What about mental illness and moral responsibility (for abusive behaviours, false allegations, obsessive behaviours, wildly shifting states of belief and behaviour etc. -- things that really damage families and churches but are sometimes the result of something like schizophrenia or a brain tumor.)
 
Taking children away from derelict parents. (Aside from this corrupt society’s contradiction of permitting women to kill babies in their womb, but punishing parents who have delivered and raised children... can we take away a child from a parent whom God sovereignly appointed?)
 
Post-humanism will be the pressing question in the future. I doubt it is now. Practically speaking, I think the contraception debate is a bit more nuanced than either side generally admits.
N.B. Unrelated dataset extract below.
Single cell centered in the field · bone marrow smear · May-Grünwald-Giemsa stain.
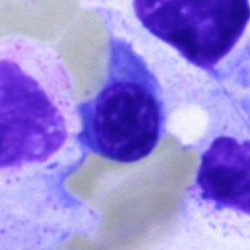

End of life care is another good one. Are all acts of pulling the plug the same?

End-of-life care is a big one. Since the OP kinda asked for examples, here is one: my dad had an advanced chronic condition, and was hospitalized for an acute condition complicated by but not caused by that underlying condition. He had been weaned off a respirator and thought to have as fair a prognosis as his underlying condition would allow. Then, at a point where he was on mechanically assisted breathing but not a ventilator, a doctor determined that the week's events left him in a state where his pulmonary muscles were irrecoverably too weak to sustain breathing without mechanical assistance. He would have been in a much worsened condition even with that assistance, pretty much guaranteed to be in a medical facility for however long that could be sustained. Taking him off the bipap and onto oxygen would trigger an irrecoverable decline towards death. Once I had arrived at the hospital to join the rest of the family (and he had woken up), he was taken off the bipap and put on oxygen. Plus enough morphine to prevent spasms, but not enough to directly hasten death. He died a few hours later. The doctor and nurses did not pressure us into any choice, but after he died assured us that they thought we did the right thing. I don't regret those choices, but change a few of the factors and the ethical situation would be very different.

Another ethical dilemma:
Cremation vs burial. Cremation vs burial when the family doesn't have the additional funds and/or preparation to do a burial. In the case of cremation: ethical distinctions between urn burial/entombment in a columbarium (where the ashes stay together), vs keeping the urn on the mantle, vs placing ashes in a shared urn, vs scattering of ashes? What compromises are more or less acceptable to prevent or settle a family dispute over what to do with remains?

Or, you know, the big globally ambient ethical dilemma that's being discussed in other threads.
 
Thank you all. I'm thinking end of life issues would be a good topic since it's obviously something many of us have to face at some point and I don't think I have a good enough handle on it to helpfully and biblically guide parishioners through it at this point. It would be good for me to think through it carefully outside of the pressure of a specific tragedy/situation.

But this is helpful, if others have additional thoughts (or different ideas) I would love to hear them.
 
Here is a foundational question at the heart of most ethical dilemmas: what is a human person?

Don't rush past that question. There is a temptation to define personhood in functionalist terms. Once you do that, there is no logical reason to oppose abortion and infanticide.